- Opening Delimiter -

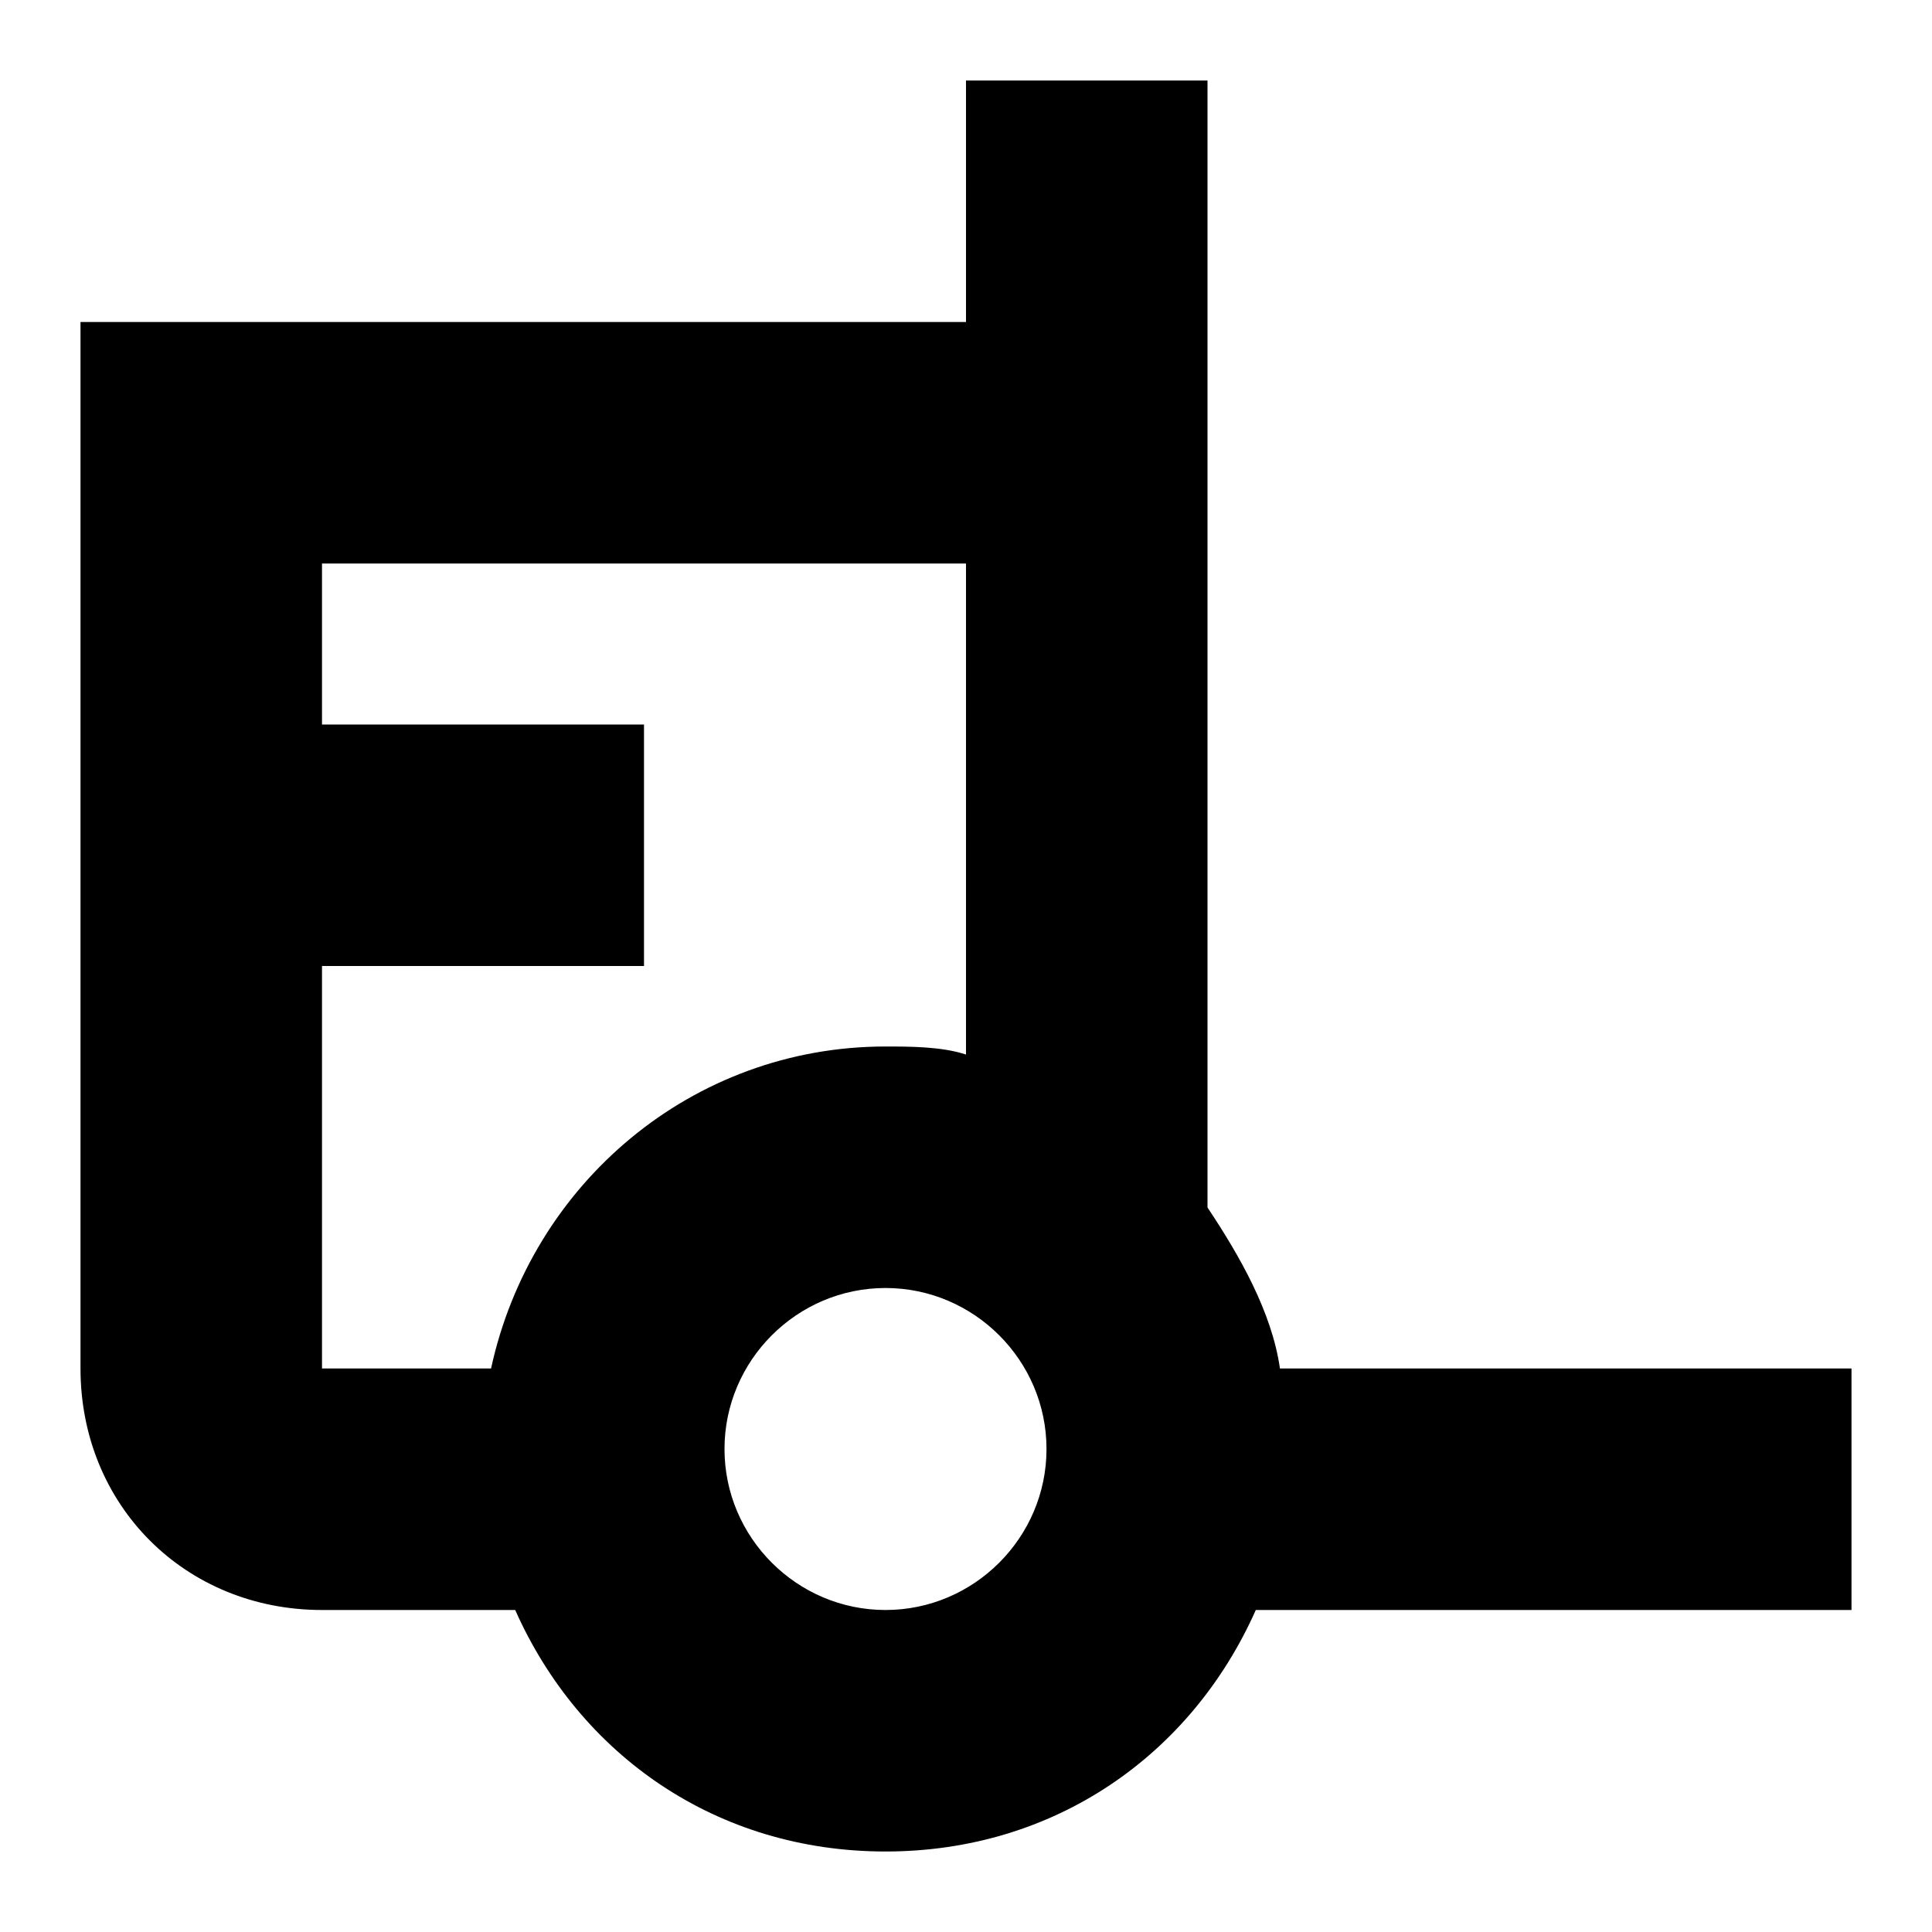 <?xml version="1.0" encoding="UTF-8"?>
<svg xmlns="http://www.w3.org/2000/svg" width="32" height="32" viewBox="0 0 24 24" fill="none">
  <title>Flat truck (outlined)</title>
  <g transform="matrix(           1 0           0 1           1 1         )"><path fill-rule="nonzero" clip-rule="nonzero" d="M22 16L14.9 16C14.8 15.3 14.4 14.6 14 14L14 0L11 0L11 3L0 3L0 16C0 17.7 1.3 19 3 19L5.4 19C6.2 20.8 7.9 22 10 22C12.1 22 13.8 20.8 14.6 19L22 19L22 16ZM3 11L7 11L7 8L3 8L3 6L11 6L11 12.1C10.7 12 10.3 12 10 12C7.6 12 5.6 13.7 5.1 16L3 16L3 11ZM10 19C8.9 19 8 18.1 8 17C8 15.9 8.9 15 10 15C11.1 15 12 15.9 12 17C12 18.1 11.1 19 10 19Z" fill="currentColor" opacity="1"/></g>
</svg>
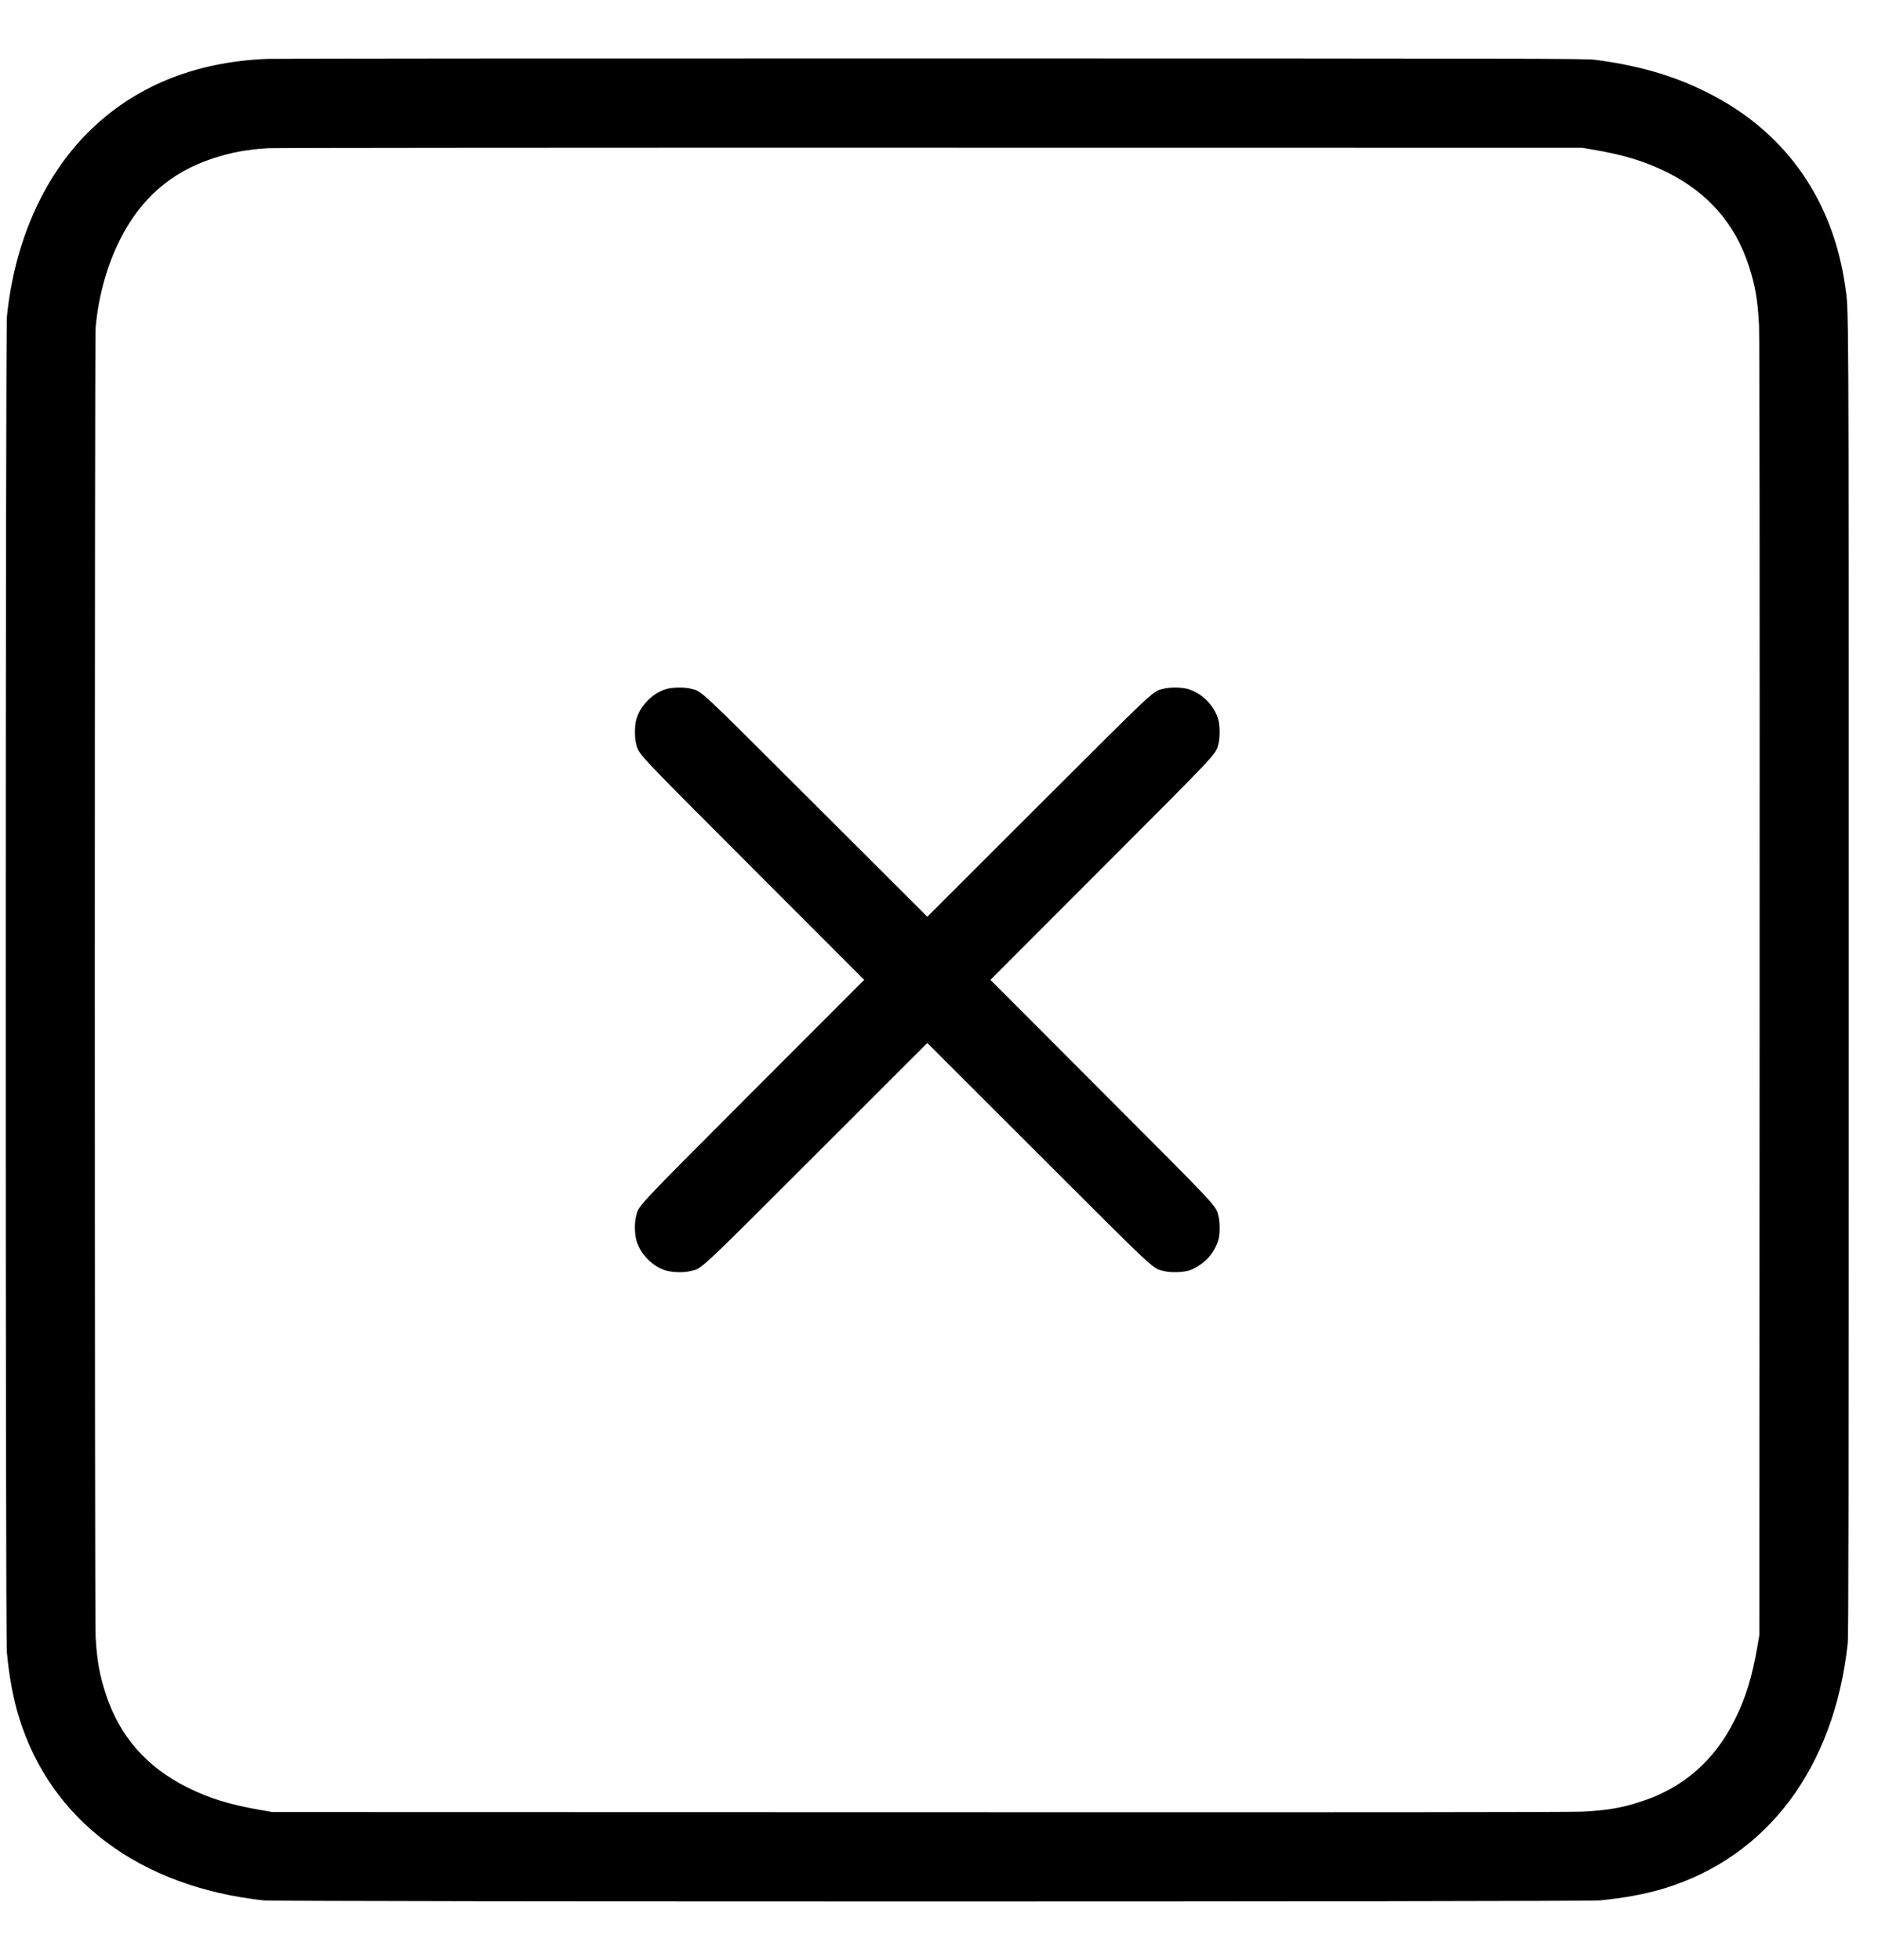 <svg width="23" height="24" viewBox="0 0 23 24" fill="none" xmlns="http://www.w3.org/2000/svg">
<path fill-rule="evenodd" clip-rule="evenodd" d="M3.273 0.721C2.376 0.758 1.638 1.062 1.077 1.623C0.529 2.171 0.177 2.969 0.085 3.874C0.066 4.055 0.065 20.029 0.084 20.232C0.111 20.528 0.161 20.799 0.232 21.029C0.619 22.291 1.71 23.107 3.23 23.273C3.399 23.291 19.388 23.291 19.588 23.273C19.884 23.246 20.155 23.195 20.385 23.125C21.647 22.738 22.463 21.647 22.629 20.127C22.639 20.033 22.641 18.519 22.641 11.957C22.641 3.405 22.643 3.819 22.597 3.499C22.448 2.466 21.893 1.659 21 1.18C20.566 0.947 20.112 0.808 19.541 0.733C19.424 0.717 18.898 0.716 11.433 0.715C7.043 0.714 3.371 0.717 3.273 0.721ZM3.288 1.815C3.031 1.829 2.834 1.866 2.607 1.94C2.092 2.109 1.719 2.436 1.468 2.938C1.309 3.254 1.204 3.636 1.171 4.013C1.158 4.162 1.158 19.811 1.171 20.045C1.187 20.334 1.219 20.514 1.297 20.75C1.465 21.262 1.794 21.639 2.29 21.887C2.565 22.025 2.825 22.104 3.211 22.169L3.336 22.191L11.261 22.193C16.584 22.195 19.248 22.193 19.377 22.186C19.688 22.171 19.863 22.14 20.106 22.06C20.618 21.892 20.995 21.562 21.243 21.067C21.38 20.794 21.461 20.53 21.526 20.146L21.547 20.021L21.55 12.106C21.552 6.8 21.549 4.124 21.543 3.989C21.527 3.671 21.497 3.497 21.416 3.25C21.248 2.739 20.919 2.362 20.423 2.113C20.148 1.976 19.888 1.896 19.502 1.831L19.377 1.81L11.4 1.809C7.012 1.808 3.362 1.811 3.288 1.815ZM8.164 8.437C7.991 8.487 7.835 8.646 7.791 8.819C7.772 8.894 7.771 9.032 7.79 9.105C7.827 9.245 7.757 9.17 9.224 10.639L10.584 12L9.224 13.361C7.757 14.831 7.827 14.756 7.79 14.895C7.77 14.973 7.771 15.11 7.794 15.19C7.838 15.349 7.977 15.497 8.136 15.553C8.215 15.582 8.362 15.588 8.452 15.567C8.6 15.533 8.521 15.606 10.001 14.128L11.357 12.773L12.713 14.128C14.192 15.606 14.113 15.533 14.261 15.567C14.345 15.587 14.496 15.582 14.572 15.556C14.648 15.531 14.761 15.451 14.815 15.384C14.87 15.317 14.912 15.232 14.927 15.161C14.942 15.088 14.94 14.961 14.923 14.895C14.886 14.756 14.956 14.831 13.489 13.361L12.13 12L13.489 10.639C14.956 9.17 14.886 9.245 14.923 9.105C14.942 9.032 14.941 8.894 14.922 8.819C14.877 8.642 14.714 8.48 14.537 8.435C14.463 8.415 14.324 8.415 14.251 8.434C14.112 8.47 14.187 8.401 12.717 9.868L11.357 11.227L9.996 9.868C8.526 8.401 8.601 8.47 8.462 8.434C8.386 8.414 8.239 8.416 8.164 8.437Z" fill="#362013" style="fill:#362013;fill:color(display-p3 0.212 0.126 0.074);fill-opacity:1;"/>
</svg>

- Closing Delimiter -

* _To do_: Using the material above, return every line exactly as it appears, minus the pictures.

* _Answer for this exercise_:
 <?xml version="1.0" encoding="UTF-8"?>
<svg xmlns="http://www.w3.org/2000/svg" width="32" height="32" viewBox="0 0 24 24" fill="none">
  <title>Flat truck (outlined)</title>
  <g transform="matrix(           1 0           0 1           1 1         )"><path fill-rule="nonzero" clip-rule="nonzero" d="M22 16L14.9 16C14.8 15.3 14.4 14.6 14 14L14 0L11 0L11 3L0 3L0 16C0 17.7 1.3 19 3 19L5.4 19C6.2 20.8 7.9 22 10 22C12.1 22 13.8 20.8 14.6 19L22 19L22 16ZM3 11L7 11L7 8L3 8L3 6L11 6L11 12.1C10.7 12 10.3 12 10 12C7.6 12 5.6 13.7 5.1 16L3 16L3 11ZM10 19C8.9 19 8 18.1 8 17C8 15.9 8.9 15 10 15C11.1 15 12 15.9 12 17C12 18.1 11.1 19 10 19Z" fill="currentColor" opacity="1"/></g>
</svg>
 <svg width="23" height="24" viewBox="0 0 23 24" fill="none" xmlns="http://www.w3.org/2000/svg">
<path fill-rule="evenodd" clip-rule="evenodd" d="M3.273 0.721C2.376 0.758 1.638 1.062 1.077 1.623C0.529 2.171 0.177 2.969 0.085 3.874C0.066 4.055 0.065 20.029 0.084 20.232C0.111 20.528 0.161 20.799 0.232 21.029C0.619 22.291 1.71 23.107 3.23 23.273C3.399 23.291 19.388 23.291 19.588 23.273C19.884 23.246 20.155 23.195 20.385 23.125C21.647 22.738 22.463 21.647 22.629 20.127C22.639 20.033 22.641 18.519 22.641 11.957C22.641 3.405 22.643 3.819 22.597 3.499C22.448 2.466 21.893 1.659 21 1.18C20.566 0.947 20.112 0.808 19.541 0.733C19.424 0.717 18.898 0.716 11.433 0.715C7.043 0.714 3.371 0.717 3.273 0.721ZM3.288 1.815C3.031 1.829 2.834 1.866 2.607 1.94C2.092 2.109 1.719 2.436 1.468 2.938C1.309 3.254 1.204 3.636 1.171 4.013C1.158 4.162 1.158 19.811 1.171 20.045C1.187 20.334 1.219 20.514 1.297 20.75C1.465 21.262 1.794 21.639 2.29 21.887C2.565 22.025 2.825 22.104 3.211 22.169L3.336 22.191L11.261 22.193C16.584 22.195 19.248 22.193 19.377 22.186C19.688 22.171 19.863 22.14 20.106 22.06C20.618 21.892 20.995 21.562 21.243 21.067C21.38 20.794 21.461 20.53 21.526 20.146L21.547 20.021L21.55 12.106C21.552 6.8 21.549 4.124 21.543 3.989C21.527 3.671 21.497 3.497 21.416 3.25C21.248 2.739 20.919 2.362 20.423 2.113C20.148 1.976 19.888 1.896 19.502 1.831L19.377 1.81L11.4 1.809C7.012 1.808 3.362 1.811 3.288 1.815ZM8.164 8.437C7.991 8.487 7.835 8.646 7.791 8.819C7.772 8.894 7.771 9.032 7.79 9.105C7.827 9.245 7.757 9.17 9.224 10.639L10.584 12L9.224 13.361C7.757 14.831 7.827 14.756 7.79 14.895C7.77 14.973 7.771 15.11 7.794 15.19C7.838 15.349 7.977 15.497 8.136 15.553C8.215 15.582 8.362 15.588 8.452 15.567C8.6 15.533 8.521 15.606 10.001 14.128L11.357 12.773L12.713 14.128C14.192 15.606 14.113 15.533 14.261 15.567C14.345 15.587 14.496 15.582 14.572 15.556C14.648 15.531 14.761 15.451 14.815 15.384C14.87 15.317 14.912 15.232 14.927 15.161C14.942 15.088 14.94 14.961 14.923 14.895C14.886 14.756 14.956 14.831 13.489 13.361L12.13 12L13.489 10.639C14.956 9.17 14.886 9.245 14.923 9.105C14.942 9.032 14.941 8.894 14.922 8.819C14.877 8.642 14.714 8.48 14.537 8.435C14.463 8.415 14.324 8.415 14.251 8.434C14.112 8.47 14.187 8.401 12.717 9.868L11.357 11.227L9.996 9.868C8.526 8.401 8.601 8.47 8.462 8.434C8.386 8.414 8.239 8.416 8.164 8.437Z" fill="#362013" style="fill:#362013;fill:color(display-p3 0.212 0.126 0.074);fill-opacity:1;"/>
</svg>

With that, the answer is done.